(Saved entries)
- - - - -
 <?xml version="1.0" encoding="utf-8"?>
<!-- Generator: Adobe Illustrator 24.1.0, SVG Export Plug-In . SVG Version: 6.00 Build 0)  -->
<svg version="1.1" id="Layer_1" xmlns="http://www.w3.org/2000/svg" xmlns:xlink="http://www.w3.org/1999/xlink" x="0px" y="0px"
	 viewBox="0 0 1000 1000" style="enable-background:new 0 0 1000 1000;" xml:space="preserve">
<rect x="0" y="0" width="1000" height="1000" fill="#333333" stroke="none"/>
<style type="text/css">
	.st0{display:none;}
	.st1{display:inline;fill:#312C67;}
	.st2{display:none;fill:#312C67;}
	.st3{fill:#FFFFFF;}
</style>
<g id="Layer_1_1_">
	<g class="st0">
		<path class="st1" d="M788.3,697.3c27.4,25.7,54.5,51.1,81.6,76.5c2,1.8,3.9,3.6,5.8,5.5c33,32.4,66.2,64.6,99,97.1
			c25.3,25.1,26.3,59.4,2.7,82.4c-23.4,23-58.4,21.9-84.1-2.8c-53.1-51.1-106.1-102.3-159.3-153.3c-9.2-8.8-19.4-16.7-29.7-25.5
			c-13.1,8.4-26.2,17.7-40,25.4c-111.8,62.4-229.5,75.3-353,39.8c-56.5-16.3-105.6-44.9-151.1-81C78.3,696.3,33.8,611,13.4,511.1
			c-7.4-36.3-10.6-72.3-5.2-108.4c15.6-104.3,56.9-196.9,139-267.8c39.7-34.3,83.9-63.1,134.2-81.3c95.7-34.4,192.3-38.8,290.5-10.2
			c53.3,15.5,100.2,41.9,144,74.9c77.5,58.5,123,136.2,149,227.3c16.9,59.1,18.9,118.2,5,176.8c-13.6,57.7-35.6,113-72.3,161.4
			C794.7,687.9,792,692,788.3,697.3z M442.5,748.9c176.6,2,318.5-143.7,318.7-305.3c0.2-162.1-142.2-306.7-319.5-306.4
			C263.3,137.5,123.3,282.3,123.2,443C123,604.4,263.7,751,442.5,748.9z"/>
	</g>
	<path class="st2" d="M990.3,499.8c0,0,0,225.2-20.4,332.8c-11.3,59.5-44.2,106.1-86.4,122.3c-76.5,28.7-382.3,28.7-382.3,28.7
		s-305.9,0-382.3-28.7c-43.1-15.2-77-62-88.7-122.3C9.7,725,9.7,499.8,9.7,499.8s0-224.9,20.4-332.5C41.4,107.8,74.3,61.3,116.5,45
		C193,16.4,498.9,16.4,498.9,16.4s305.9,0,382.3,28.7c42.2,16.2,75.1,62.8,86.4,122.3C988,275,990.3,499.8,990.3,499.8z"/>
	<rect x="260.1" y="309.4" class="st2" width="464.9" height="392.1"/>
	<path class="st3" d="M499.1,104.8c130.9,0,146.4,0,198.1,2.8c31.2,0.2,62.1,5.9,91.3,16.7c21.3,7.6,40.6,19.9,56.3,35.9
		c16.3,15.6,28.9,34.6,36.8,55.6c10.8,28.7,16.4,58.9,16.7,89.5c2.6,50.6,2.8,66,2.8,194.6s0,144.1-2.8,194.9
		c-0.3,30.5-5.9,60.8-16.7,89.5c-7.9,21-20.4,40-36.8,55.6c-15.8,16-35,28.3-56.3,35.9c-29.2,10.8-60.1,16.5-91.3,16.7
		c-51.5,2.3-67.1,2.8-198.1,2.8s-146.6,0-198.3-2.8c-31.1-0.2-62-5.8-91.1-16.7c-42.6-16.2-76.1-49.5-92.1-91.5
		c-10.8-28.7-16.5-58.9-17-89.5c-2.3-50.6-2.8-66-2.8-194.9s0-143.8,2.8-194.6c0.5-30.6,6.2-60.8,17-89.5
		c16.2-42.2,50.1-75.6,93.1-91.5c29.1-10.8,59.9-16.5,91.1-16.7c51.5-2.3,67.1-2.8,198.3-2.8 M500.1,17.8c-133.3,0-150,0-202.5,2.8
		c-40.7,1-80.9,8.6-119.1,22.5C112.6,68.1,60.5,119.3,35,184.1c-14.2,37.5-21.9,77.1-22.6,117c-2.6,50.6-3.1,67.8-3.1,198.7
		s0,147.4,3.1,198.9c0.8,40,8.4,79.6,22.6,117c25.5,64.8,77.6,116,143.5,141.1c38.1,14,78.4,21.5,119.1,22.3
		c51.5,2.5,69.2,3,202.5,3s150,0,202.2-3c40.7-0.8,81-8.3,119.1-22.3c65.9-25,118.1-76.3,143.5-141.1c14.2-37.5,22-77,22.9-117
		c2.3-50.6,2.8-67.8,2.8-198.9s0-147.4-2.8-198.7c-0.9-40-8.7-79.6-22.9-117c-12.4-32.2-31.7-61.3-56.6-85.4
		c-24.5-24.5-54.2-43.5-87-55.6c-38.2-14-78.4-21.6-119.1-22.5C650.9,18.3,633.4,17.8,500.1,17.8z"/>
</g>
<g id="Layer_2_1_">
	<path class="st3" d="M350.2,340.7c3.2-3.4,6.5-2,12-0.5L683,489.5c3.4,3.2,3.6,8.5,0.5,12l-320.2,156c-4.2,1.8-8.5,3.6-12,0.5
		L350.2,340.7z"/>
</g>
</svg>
- - - - -
*Exercise instructions*. Write out all the data again, exactly as it appears.

*Result for this exercise*.
 <?xml version="1.0" encoding="utf-8"?>
<!-- Generator: Adobe Illustrator 24.1.0, SVG Export Plug-In . SVG Version: 6.00 Build 0)  -->
<svg version="1.1" id="Layer_1" xmlns="http://www.w3.org/2000/svg" xmlns:xlink="http://www.w3.org/1999/xlink" x="0px" y="0px"
	 viewBox="0 0 1000 1000" style="enable-background:new 0 0 1000 1000;" xml:space="preserve">
<rect x="0" y="0" width="1000" height="1000" fill="#333333" stroke="none"/>
<style type="text/css">
	.st0{display:none;}
	.st1{display:inline;fill:#312C67;}
	.st2{display:none;fill:#312C67;}
	.st3{fill:#FFFFFF;}
</style>
<g id="Layer_1_1_">
	<g class="st0">
		<path class="st1" d="M788.3,697.3c27.4,25.7,54.5,51.1,81.6,76.5c2,1.8,3.9,3.6,5.8,5.5c33,32.4,66.2,64.6,99,97.1
			c25.3,25.1,26.3,59.4,2.7,82.4c-23.4,23-58.4,21.9-84.1-2.8c-53.1-51.1-106.1-102.3-159.3-153.3c-9.2-8.8-19.4-16.7-29.7-25.5
			c-13.1,8.4-26.2,17.7-40,25.4c-111.8,62.4-229.5,75.3-353,39.8c-56.5-16.3-105.6-44.9-151.1-81C78.3,696.3,33.8,611,13.4,511.1
			c-7.4-36.3-10.6-72.3-5.2-108.4c15.6-104.3,56.9-196.9,139-267.8c39.7-34.3,83.9-63.1,134.2-81.3c95.7-34.4,192.3-38.8,290.5-10.2
			c53.3,15.5,100.2,41.9,144,74.9c77.5,58.5,123,136.2,149,227.3c16.9,59.1,18.9,118.2,5,176.8c-13.6,57.7-35.6,113-72.3,161.4
			C794.7,687.9,792,692,788.3,697.3z M442.5,748.9c176.6,2,318.5-143.7,318.7-305.3c0.2-162.1-142.2-306.7-319.5-306.4
			C263.3,137.5,123.3,282.3,123.2,443C123,604.4,263.7,751,442.5,748.9z"/>
	</g>
	<path class="st2" d="M990.3,499.8c0,0,0,225.2-20.4,332.8c-11.3,59.5-44.2,106.1-86.4,122.3c-76.5,28.7-382.3,28.7-382.3,28.7
		s-305.9,0-382.3-28.7c-43.1-15.2-77-62-88.7-122.3C9.7,725,9.7,499.8,9.7,499.8s0-224.9,20.4-332.5C41.4,107.8,74.3,61.3,116.5,45
		C193,16.4,498.9,16.4,498.9,16.4s305.9,0,382.3,28.7c42.2,16.2,75.1,62.8,86.4,122.3C988,275,990.3,499.8,990.3,499.8z"/>
	<rect x="260.1" y="309.4" class="st2" width="464.9" height="392.1"/>
	<path class="st3" d="M499.1,104.8c130.9,0,146.4,0,198.1,2.8c31.2,0.2,62.1,5.9,91.3,16.7c21.3,7.6,40.6,19.9,56.3,35.9
		c16.3,15.6,28.9,34.6,36.8,55.6c10.8,28.7,16.4,58.9,16.7,89.5c2.6,50.6,2.8,66,2.8,194.6s0,144.1-2.8,194.9
		c-0.3,30.5-5.9,60.8-16.7,89.5c-7.9,21-20.4,40-36.8,55.6c-15.8,16-35,28.3-56.3,35.9c-29.2,10.8-60.1,16.5-91.3,16.7
		c-51.5,2.3-67.1,2.8-198.1,2.8s-146.6,0-198.3-2.8c-31.1-0.2-62-5.8-91.1-16.7c-42.6-16.2-76.1-49.5-92.1-91.5
		c-10.8-28.7-16.5-58.9-17-89.5c-2.3-50.6-2.8-66-2.8-194.9s0-143.8,2.8-194.6c0.5-30.6,6.2-60.8,17-89.5
		c16.2-42.2,50.1-75.6,93.1-91.5c29.1-10.8,59.9-16.5,91.1-16.7c51.5-2.3,67.1-2.8,198.3-2.8 M500.1,17.8c-133.3,0-150,0-202.5,2.8
		c-40.7,1-80.9,8.6-119.1,22.5C112.6,68.1,60.5,119.3,35,184.1c-14.2,37.5-21.9,77.1-22.6,117c-2.6,50.6-3.1,67.8-3.1,198.7
		s0,147.4,3.1,198.9c0.8,40,8.4,79.6,22.6,117c25.5,64.8,77.6,116,143.5,141.1c38.1,14,78.4,21.5,119.1,22.3
		c51.5,2.5,69.2,3,202.5,3s150,0,202.2-3c40.7-0.8,81-8.3,119.1-22.3c65.9-25,118.1-76.3,143.5-141.1c14.2-37.5,22-77,22.9-117
		c2.3-50.6,2.8-67.8,2.8-198.9s0-147.4-2.8-198.7c-0.9-40-8.7-79.6-22.9-117c-12.4-32.2-31.7-61.3-56.6-85.4
		c-24.5-24.5-54.2-43.5-87-55.6c-38.2-14-78.4-21.6-119.1-22.5C650.9,18.3,633.4,17.8,500.1,17.8z"/>
</g>
<g id="Layer_2_1_">
	<path class="st3" d="M350.2,340.7c3.2-3.4,6.5-2,12-0.5L683,489.5c3.4,3.2,3.6,8.5,0.5,12l-320.2,156c-4.2,1.8-8.5,3.6-12,0.5
		L350.2,340.7z"/>
</g>
</svg>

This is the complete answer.